BEGIN Given records
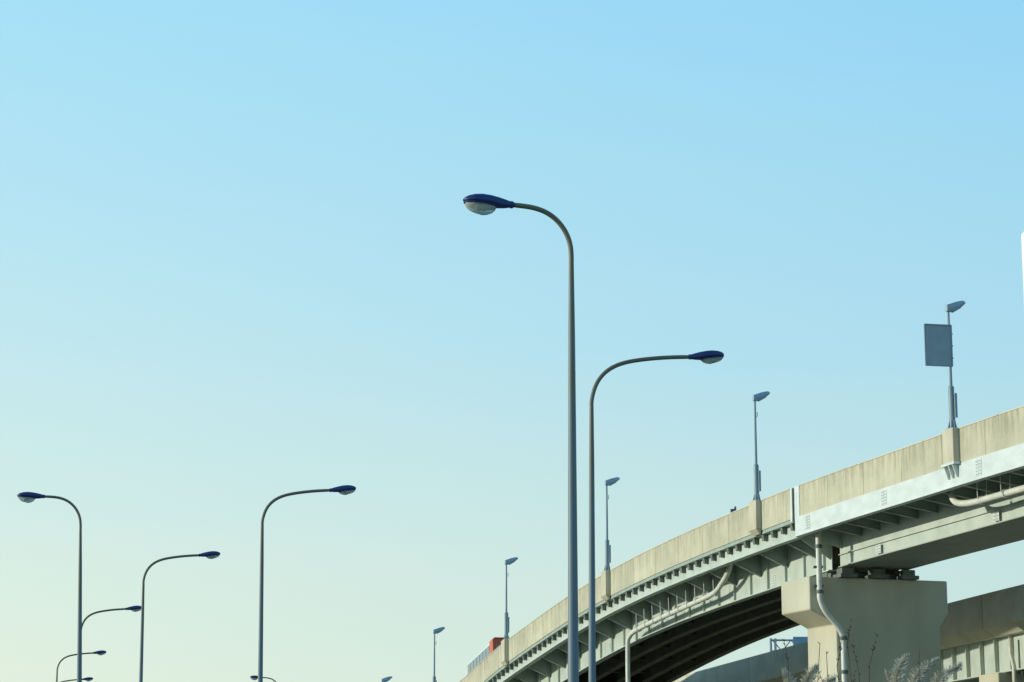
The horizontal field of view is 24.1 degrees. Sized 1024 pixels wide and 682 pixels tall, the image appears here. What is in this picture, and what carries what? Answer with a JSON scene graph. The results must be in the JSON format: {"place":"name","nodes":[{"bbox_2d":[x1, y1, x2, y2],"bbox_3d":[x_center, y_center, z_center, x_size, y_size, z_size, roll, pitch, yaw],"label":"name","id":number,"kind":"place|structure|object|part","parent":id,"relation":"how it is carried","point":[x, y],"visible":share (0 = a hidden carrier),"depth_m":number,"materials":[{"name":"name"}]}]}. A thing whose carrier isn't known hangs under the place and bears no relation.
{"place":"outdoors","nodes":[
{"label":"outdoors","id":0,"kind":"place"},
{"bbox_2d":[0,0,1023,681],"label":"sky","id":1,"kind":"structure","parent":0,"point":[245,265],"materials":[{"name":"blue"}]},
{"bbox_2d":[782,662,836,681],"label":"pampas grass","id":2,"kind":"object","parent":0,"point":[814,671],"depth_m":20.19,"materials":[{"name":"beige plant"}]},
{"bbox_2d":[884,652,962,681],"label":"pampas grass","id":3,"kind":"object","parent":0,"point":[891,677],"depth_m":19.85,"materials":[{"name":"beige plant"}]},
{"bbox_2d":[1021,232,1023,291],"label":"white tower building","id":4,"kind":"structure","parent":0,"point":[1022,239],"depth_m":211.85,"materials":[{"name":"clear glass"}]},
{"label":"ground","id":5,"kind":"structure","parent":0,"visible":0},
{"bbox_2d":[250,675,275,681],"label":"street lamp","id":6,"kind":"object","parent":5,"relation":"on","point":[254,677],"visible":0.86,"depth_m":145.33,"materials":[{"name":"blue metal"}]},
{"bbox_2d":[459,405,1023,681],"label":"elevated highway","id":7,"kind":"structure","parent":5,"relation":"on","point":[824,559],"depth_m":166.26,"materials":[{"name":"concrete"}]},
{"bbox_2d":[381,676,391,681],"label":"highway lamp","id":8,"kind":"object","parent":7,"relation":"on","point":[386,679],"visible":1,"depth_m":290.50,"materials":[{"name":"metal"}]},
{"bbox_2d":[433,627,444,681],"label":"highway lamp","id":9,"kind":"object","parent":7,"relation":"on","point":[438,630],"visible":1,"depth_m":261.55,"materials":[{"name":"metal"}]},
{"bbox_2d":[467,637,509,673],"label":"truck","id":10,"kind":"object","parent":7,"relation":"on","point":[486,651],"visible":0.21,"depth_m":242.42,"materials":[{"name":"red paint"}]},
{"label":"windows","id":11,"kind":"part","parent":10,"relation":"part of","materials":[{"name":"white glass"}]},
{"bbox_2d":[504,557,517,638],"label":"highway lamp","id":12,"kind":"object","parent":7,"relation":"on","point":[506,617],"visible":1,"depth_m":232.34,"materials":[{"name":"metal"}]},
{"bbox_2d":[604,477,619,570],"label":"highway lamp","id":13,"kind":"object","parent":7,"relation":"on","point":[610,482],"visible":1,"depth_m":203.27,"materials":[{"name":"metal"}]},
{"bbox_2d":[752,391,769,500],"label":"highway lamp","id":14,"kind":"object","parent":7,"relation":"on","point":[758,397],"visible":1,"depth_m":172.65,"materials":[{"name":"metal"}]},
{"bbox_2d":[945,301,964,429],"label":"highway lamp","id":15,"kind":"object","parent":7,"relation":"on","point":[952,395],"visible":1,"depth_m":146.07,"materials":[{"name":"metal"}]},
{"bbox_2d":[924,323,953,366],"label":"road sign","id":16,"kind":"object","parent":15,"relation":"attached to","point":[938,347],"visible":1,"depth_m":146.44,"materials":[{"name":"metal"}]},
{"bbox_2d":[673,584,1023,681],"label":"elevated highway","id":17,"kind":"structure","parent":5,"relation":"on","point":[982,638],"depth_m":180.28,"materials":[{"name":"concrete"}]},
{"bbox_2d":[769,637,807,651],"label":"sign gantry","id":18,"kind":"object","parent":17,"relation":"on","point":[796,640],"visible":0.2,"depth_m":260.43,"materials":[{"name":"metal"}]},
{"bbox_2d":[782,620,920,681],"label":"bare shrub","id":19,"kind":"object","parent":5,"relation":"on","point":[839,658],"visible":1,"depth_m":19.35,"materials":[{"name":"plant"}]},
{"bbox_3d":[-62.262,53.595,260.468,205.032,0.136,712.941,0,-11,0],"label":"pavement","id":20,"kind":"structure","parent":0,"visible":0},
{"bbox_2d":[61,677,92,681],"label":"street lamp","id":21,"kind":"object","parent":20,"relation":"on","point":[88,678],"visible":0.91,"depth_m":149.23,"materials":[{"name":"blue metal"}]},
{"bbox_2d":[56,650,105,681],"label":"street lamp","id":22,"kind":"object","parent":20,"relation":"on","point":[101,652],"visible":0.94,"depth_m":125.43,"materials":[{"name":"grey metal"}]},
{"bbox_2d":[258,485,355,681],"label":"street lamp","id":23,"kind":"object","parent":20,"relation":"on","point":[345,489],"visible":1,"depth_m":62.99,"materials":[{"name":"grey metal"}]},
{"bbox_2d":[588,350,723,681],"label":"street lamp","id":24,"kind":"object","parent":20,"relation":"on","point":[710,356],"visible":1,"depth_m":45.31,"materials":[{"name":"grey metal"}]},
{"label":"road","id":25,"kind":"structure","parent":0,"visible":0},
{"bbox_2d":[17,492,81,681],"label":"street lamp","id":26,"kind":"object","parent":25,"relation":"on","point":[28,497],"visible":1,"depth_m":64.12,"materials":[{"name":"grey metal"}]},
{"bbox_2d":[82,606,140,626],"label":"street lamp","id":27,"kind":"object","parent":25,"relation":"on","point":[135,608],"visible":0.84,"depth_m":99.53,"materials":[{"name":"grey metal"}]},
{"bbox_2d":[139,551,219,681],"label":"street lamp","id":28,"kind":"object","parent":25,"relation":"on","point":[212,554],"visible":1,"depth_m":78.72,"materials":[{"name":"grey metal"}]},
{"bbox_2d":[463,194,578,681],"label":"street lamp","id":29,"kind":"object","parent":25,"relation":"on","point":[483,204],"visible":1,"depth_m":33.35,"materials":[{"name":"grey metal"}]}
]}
END Given records
**Task objective**: Set down all of the entries precisely and keep the pictures out of the copy.

**Result of this task**:
The horizontal field of view is 24.1 degrees. Sized 1024 pixels wide and 682 pixels tall, the image appears here. What is in this picture, and what carries what? Answer with a JSON scene graph. The results must be in the JSON format: {"place":"name","nodes":[{"bbox_2d":[x1, y1, x2, y2],"bbox_3d":[x_center, y_center, z_center, x_size, y_size, z_size, roll, pitch, yaw],"label":"name","id":number,"kind":"place|structure|object|part","parent":id,"relation":"how it is carried","point":[x, y],"visible":share (0 = a hidden carrier),"depth_m":number,"materials":[{"name":"name"}]}]}. A thing whose carrier isn't known hangs under the place and bears no relation.
{"place":"outdoors","nodes":[
{"label":"outdoors","id":0,"kind":"place"},
{"bbox_2d":[0,0,1023,681],"label":"sky","id":1,"kind":"structure","parent":0,"point":[245,265],"materials":[{"name":"blue"}]},
{"bbox_2d":[782,662,836,681],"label":"pampas grass","id":2,"kind":"object","parent":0,"point":[814,671],"depth_m":20.19,"materials":[{"name":"beige plant"}]},
{"bbox_2d":[884,652,962,681],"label":"pampas grass","id":3,"kind":"object","parent":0,"point":[891,677],"depth_m":19.85,"materials":[{"name":"beige plant"}]},
{"bbox_2d":[1021,232,1023,291],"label":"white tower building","id":4,"kind":"structure","parent":0,"point":[1022,239],"depth_m":211.85,"materials":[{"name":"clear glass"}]},
{"label":"ground","id":5,"kind":"structure","parent":0,"visible":0},
{"bbox_2d":[250,675,275,681],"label":"street lamp","id":6,"kind":"object","parent":5,"relation":"on","point":[254,677],"visible":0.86,"depth_m":145.33,"materials":[{"name":"blue metal"}]},
{"bbox_2d":[459,405,1023,681],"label":"elevated highway","id":7,"kind":"structure","parent":5,"relation":"on","point":[824,559],"depth_m":166.26,"materials":[{"name":"concrete"}]},
{"bbox_2d":[381,676,391,681],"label":"highway lamp","id":8,"kind":"object","parent":7,"relation":"on","point":[386,679],"visible":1,"depth_m":290.50,"materials":[{"name":"metal"}]},
{"bbox_2d":[433,627,444,681],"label":"highway lamp","id":9,"kind":"object","parent":7,"relation":"on","point":[438,630],"visible":1,"depth_m":261.55,"materials":[{"name":"metal"}]},
{"bbox_2d":[467,637,509,673],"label":"truck","id":10,"kind":"object","parent":7,"relation":"on","point":[486,651],"visible":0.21,"depth_m":242.42,"materials":[{"name":"red paint"}]},
{"label":"windows","id":11,"kind":"part","parent":10,"relation":"part of","materials":[{"name":"white glass"}]},
{"bbox_2d":[504,557,517,638],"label":"highway lamp","id":12,"kind":"object","parent":7,"relation":"on","point":[506,617],"visible":1,"depth_m":232.34,"materials":[{"name":"metal"}]},
{"bbox_2d":[604,477,619,570],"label":"highway lamp","id":13,"kind":"object","parent":7,"relation":"on","point":[610,482],"visible":1,"depth_m":203.27,"materials":[{"name":"metal"}]},
{"bbox_2d":[752,391,769,500],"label":"highway lamp","id":14,"kind":"object","parent":7,"relation":"on","point":[758,397],"visible":1,"depth_m":172.65,"materials":[{"name":"metal"}]},
{"bbox_2d":[945,301,964,429],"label":"highway lamp","id":15,"kind":"object","parent":7,"relation":"on","point":[952,395],"visible":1,"depth_m":146.07,"materials":[{"name":"metal"}]},
{"bbox_2d":[924,323,953,366],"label":"road sign","id":16,"kind":"object","parent":15,"relation":"attached to","point":[938,347],"visible":1,"depth_m":146.44,"materials":[{"name":"metal"}]},
{"bbox_2d":[673,584,1023,681],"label":"elevated highway","id":17,"kind":"structure","parent":5,"relation":"on","point":[982,638],"depth_m":180.28,"materials":[{"name":"concrete"}]},
{"bbox_2d":[769,637,807,651],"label":"sign gantry","id":18,"kind":"object","parent":17,"relation":"on","point":[796,640],"visible":0.2,"depth_m":260.43,"materials":[{"name":"metal"}]},
{"bbox_2d":[782,620,920,681],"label":"bare shrub","id":19,"kind":"object","parent":5,"relation":"on","point":[839,658],"visible":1,"depth_m":19.35,"materials":[{"name":"plant"}]},
{"bbox_3d":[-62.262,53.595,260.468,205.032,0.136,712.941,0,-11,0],"label":"pavement","id":20,"kind":"structure","parent":0,"visible":0},
{"bbox_2d":[61,677,92,681],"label":"street lamp","id":21,"kind":"object","parent":20,"relation":"on","point":[88,678],"visible":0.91,"depth_m":149.23,"materials":[{"name":"blue metal"}]},
{"bbox_2d":[56,650,105,681],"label":"street lamp","id":22,"kind":"object","parent":20,"relation":"on","point":[101,652],"visible":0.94,"depth_m":125.43,"materials":[{"name":"grey metal"}]},
{"bbox_2d":[258,485,355,681],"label":"street lamp","id":23,"kind":"object","parent":20,"relation":"on","point":[345,489],"visible":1,"depth_m":62.99,"materials":[{"name":"grey metal"}]},
{"bbox_2d":[588,350,723,681],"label":"street lamp","id":24,"kind":"object","parent":20,"relation":"on","point":[710,356],"visible":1,"depth_m":45.31,"materials":[{"name":"grey metal"}]},
{"label":"road","id":25,"kind":"structure","parent":0,"visible":0},
{"bbox_2d":[17,492,81,681],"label":"street lamp","id":26,"kind":"object","parent":25,"relation":"on","point":[28,497],"visible":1,"depth_m":64.12,"materials":[{"name":"grey metal"}]},
{"bbox_2d":[82,606,140,626],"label":"street lamp","id":27,"kind":"object","parent":25,"relation":"on","point":[135,608],"visible":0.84,"depth_m":99.53,"materials":[{"name":"grey metal"}]},
{"bbox_2d":[139,551,219,681],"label":"street lamp","id":28,"kind":"object","parent":25,"relation":"on","point":[212,554],"visible":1,"depth_m":78.72,"materials":[{"name":"grey metal"}]},
{"bbox_2d":[463,194,578,681],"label":"street lamp","id":29,"kind":"object","parent":25,"relation":"on","point":[483,204],"visible":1,"depth_m":33.35,"materials":[{"name":"grey metal"}]}
]}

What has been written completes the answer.